Having run the feature detection, the next step is to associate regions with the identified features. This is done using segment_2d() that is a wrapper around the tobac.segmentation.segmentation_2D function from the original Python package. Here a single threshold is needed, and we use the highest of the thresholds we used in the feature detection. segment_2d returns a named list, but we can destructure using the %<-% operator from the zeallot package.

library(zeallot)
c(segments, features) %<-% segment_2d(
  features, 
  olr, 
  threshold = 180, 
  data_col  = fcst, 
  target    = "min"
)

segments is a data frame with a geolist coloumn that contains fields with a mask identifying the areas that are associated with each feature, while features is the same as the output of the previous step, but with an extra column giving the number of cells associated with each feature. The segment masks can be overlayed on top of the original OLR data. Here we just show 4 times.

ggplot() + 
  geom_georaster(
    aes(geofield = fcst), olr[11:14, ], 
    upscale_factor = 4, upscale_method = "downsample"
  ) +
  geom_geocontour(
    aes(geofield = segmentation_mask), segments[11:14, ],
    colour = "red"
  ) + 
  geom_path(aes(x, y), countries, colour = "grey30") +
  facet_wrap(~valid_dttm) +
  scale_fill_viridis_c(bquote(atop(OLR,"["*W.m^{-2}*"]")), direction = -1) +
  coord_equal(expand = FALSE) +
  theme_harp_map()

Tracking

With the features identified, the tracking algorithm attempts to link these features in time to produce tracks. The tracking is computed with the link_tracks() function that is a wrapper around tobac.tracking.linking_trackpy from the original Python package.

tracks <- link_tracks(
  features, 
  olr, 
  data_col        = fcst, 
  v_max           = 20, 
  stubs           = 2,  
  subnetwork_size = 100, 
  adaptive_step   = 0.95, 
  adaptive_stop   = 0.2
)

Some of the arguments in the call to link_tracks() require some experimentation, and are better explained in some of the tobac examples.

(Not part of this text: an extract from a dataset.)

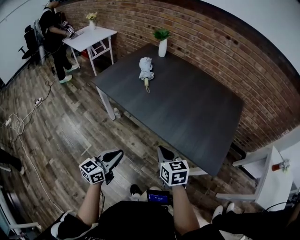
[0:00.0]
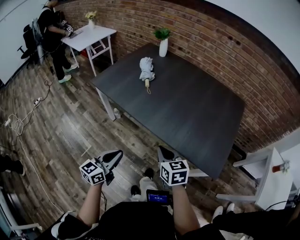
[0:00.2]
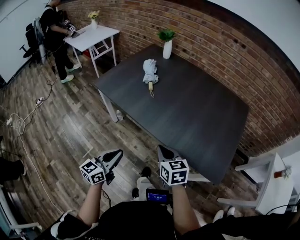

The tracks for each of the identified cells can easily be plotted. For all tracks throughout the period this can be done making sure to remove untracked cells (these are labelled -1).

library(dplyr)
countries <- get_map(get_domain(olr$fcst))
ggplot(filter(tracks, cell > -1), aes(x, y)) + 
  geom_polygon(aes(group = group), countries, fill = "grey", colour = "grey30") +
  geom_path(
    aes(group = factor(cell), colour = factor(threshold_value)),
    arrow = arrow(type = "open", angle = 30, length = unit(0.1, "cm"))
  ) +
  labs(colour = bquote(atop(OLR~threshold, "["*W.m^{-2}*"]"))) +
  coord_equal(expand = FALSE) + 
  theme_harp_map()

We could then plot some statistics, such as the distribution of the lifetimes of individual cells.

ggplot(
  summarise(
    filter(tracks, cell > -1),
    lifetime = max(time_cell) / 3600, 
    .by      = cell
  )
) +
  geom_bar(aes(x = factor(lifetime)), fill = "steelblue") + 
  labs(x = "Cell lifetime [h]")

Epilogue

There are many analysis possibilities with these data. In addition the harpTobac package gives you access to all of the functionality of the Python tobac package via tobac$<module name>$<function>.